Last year I wrote an impassioned post meant for SpringTime Ventures portfolio companies, but really for startups everywhere. I was warning about an impending Series A Super Crunch.
After the dust settled on the first few months of quarantine it looked like the economy was not going to collapse, but we were in for a long haul. What was perhaps worse was the prospect of that “long haul” being for an indeterminate period. During this time I saw the convergence of three major factors in the startup ecosystem that had me worried. They were:
- More seed funds + more seed dollars = more companies at the seed stage
- Series A raising the bar = harder to raise the next round
- Private Equity raising the bar = harder to get an early exit
To me, that all added up to a huge fundraising bottleneck in everything leading up to Series A. In the second half of that post I offered advice to founders on how they can keep their business afloat until things settled out.
What happened over the next few months was more like a feeding frenzy and nothing at all like a crunch. At SpringTime we saw coastal funds get comfortable investing via Zoom and thus widening their aperture to include startups all over the country. That made funding rounds even more competitive than they had ever been, at all early stage levels.
But the big thing that I got wrong was this:
This is the Capital Overhang. Capital overhang is the amount of money raised by private capital funds that remains uncalled. Meaning, there is more money yet to be invested in the private sector than ever before.
With more money in the market, and with investors knowing they have more money yet to deploy, there was no bottleneck.

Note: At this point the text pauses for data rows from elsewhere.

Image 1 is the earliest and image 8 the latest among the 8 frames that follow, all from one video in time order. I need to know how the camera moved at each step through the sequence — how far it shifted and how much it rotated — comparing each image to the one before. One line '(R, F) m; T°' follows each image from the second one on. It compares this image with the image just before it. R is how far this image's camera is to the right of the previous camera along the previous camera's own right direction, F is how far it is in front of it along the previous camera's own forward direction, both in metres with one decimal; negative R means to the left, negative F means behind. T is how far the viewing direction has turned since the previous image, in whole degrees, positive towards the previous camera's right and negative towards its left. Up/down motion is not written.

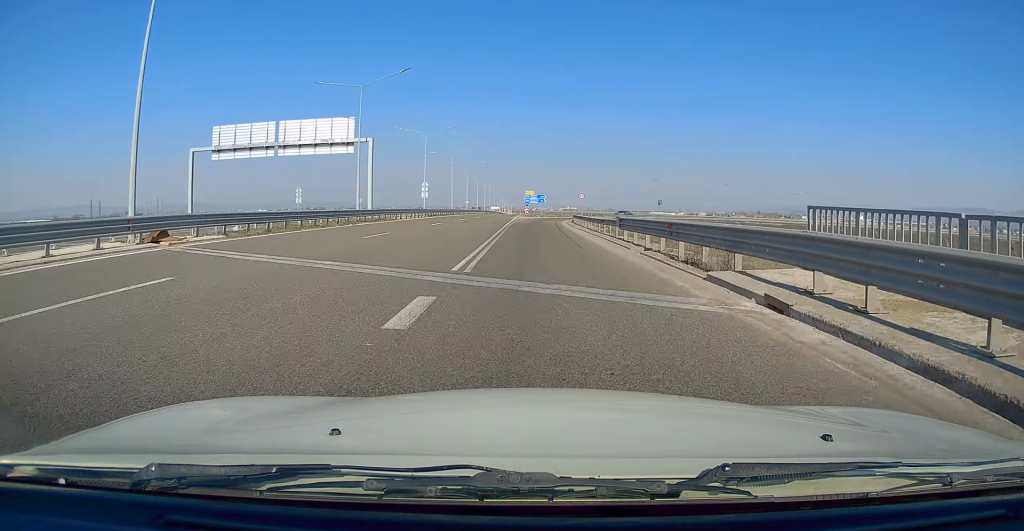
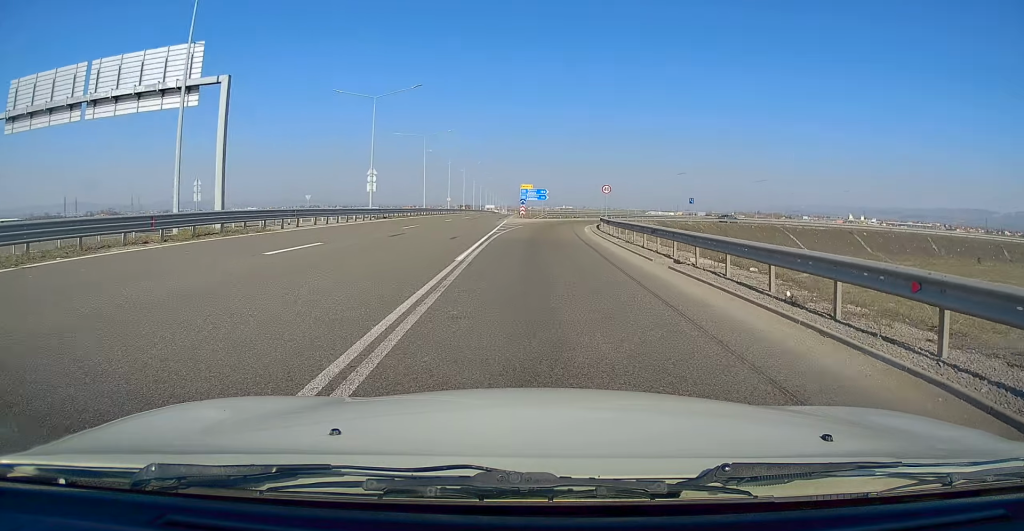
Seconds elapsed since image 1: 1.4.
(+0.5, +24.1) m; +1°
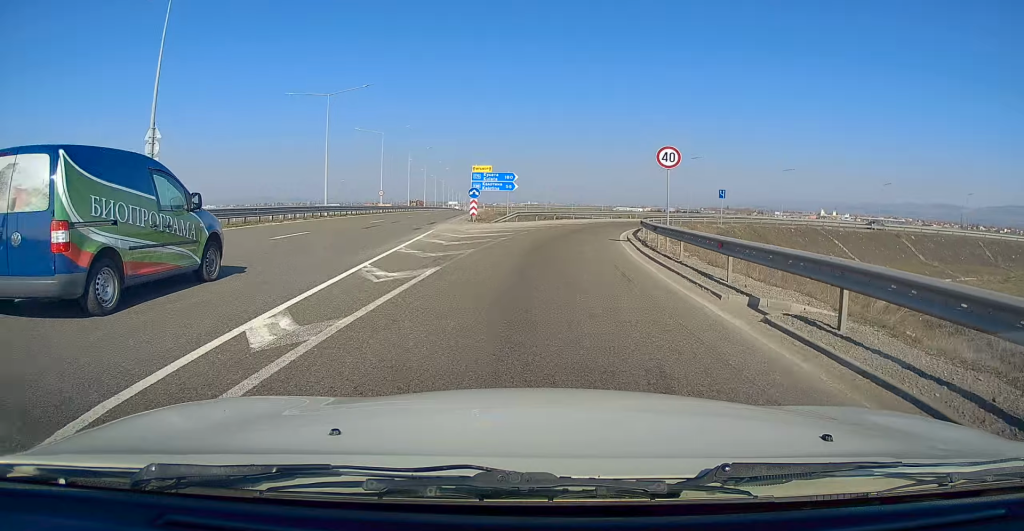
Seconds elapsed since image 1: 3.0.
(-0.3, +27.2) m; +1°
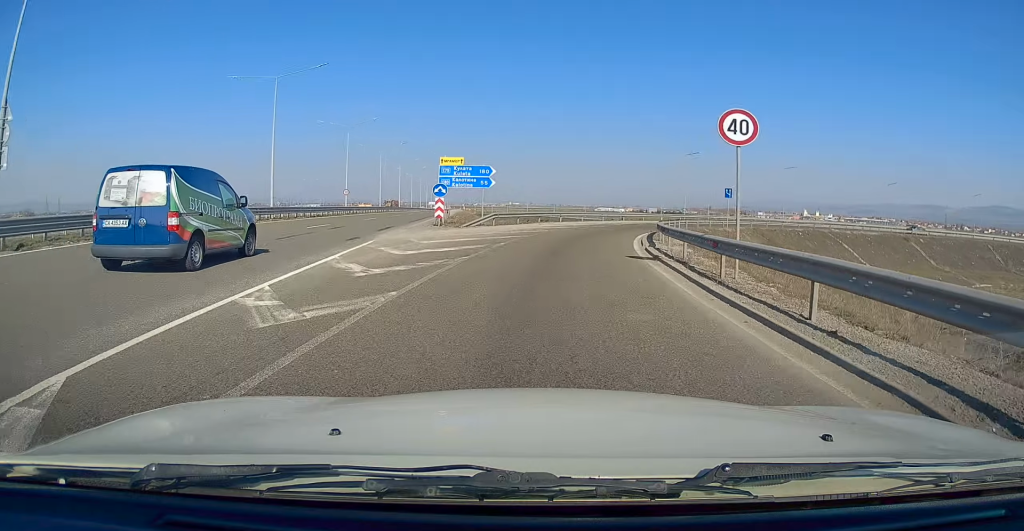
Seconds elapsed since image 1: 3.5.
(0.0, +7.5) m; +1°
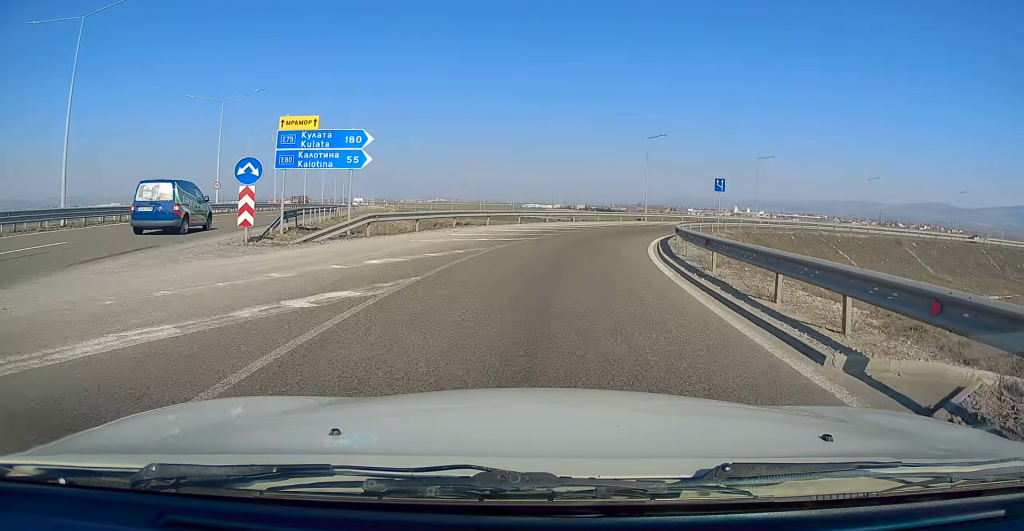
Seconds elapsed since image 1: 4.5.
(+0.5, +15.6) m; +4°
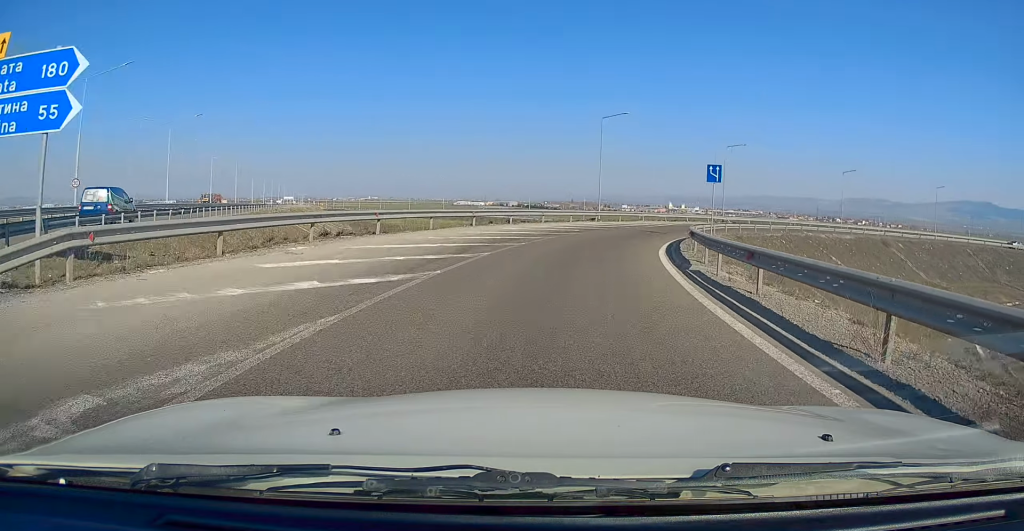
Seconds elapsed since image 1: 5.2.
(+0.1, +11.5) m; +5°
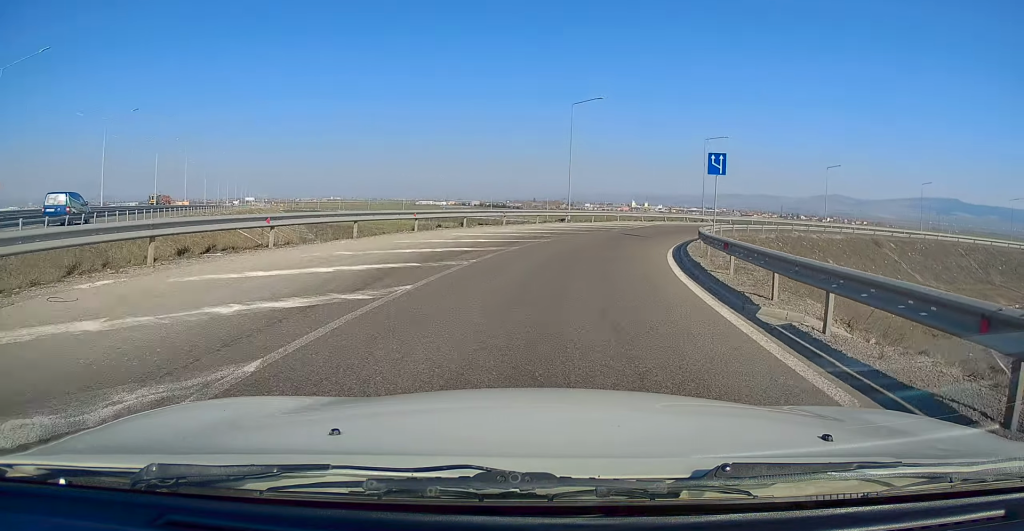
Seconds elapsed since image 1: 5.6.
(+0.3, +5.8) m; +4°
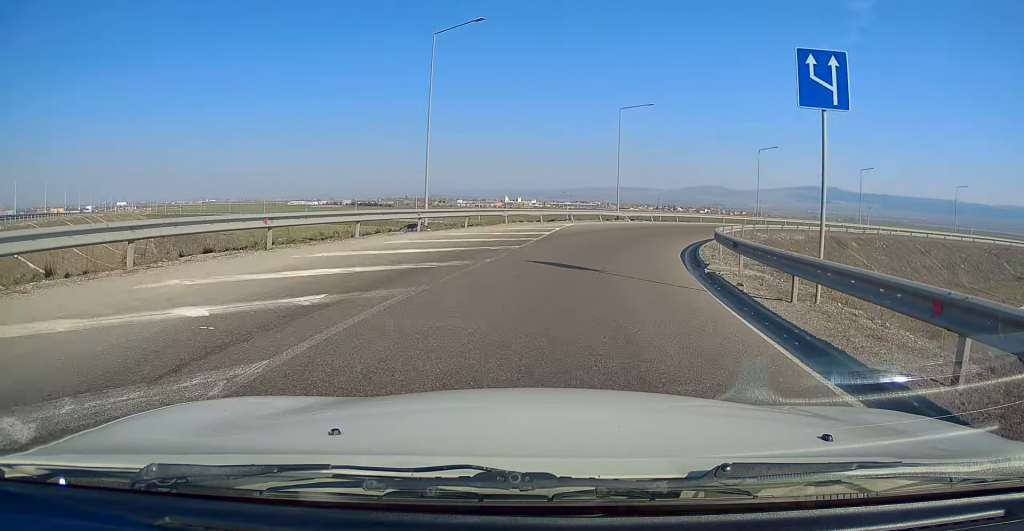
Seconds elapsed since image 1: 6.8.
(+1.6, +15.9) m; +11°

By June 2020 when I wrote that post, I thought I had seen enough of the trend ahead to call the shot. In October as startup investing was in peak frenzy mode, I was wondering what I got wrong. When I saw this chart earlier in the year, I knew what it was.
One startup in our portfolio I know heeded the advice I offered and focused on making it through the year on a slimmer budget than they anticipated. It turned out to be the best year yet for them, and they put themselves back on the right track. For others, they took advantage of the capital markets and pushed to raise another round. But for most, it really was business as usual, just via Zoom.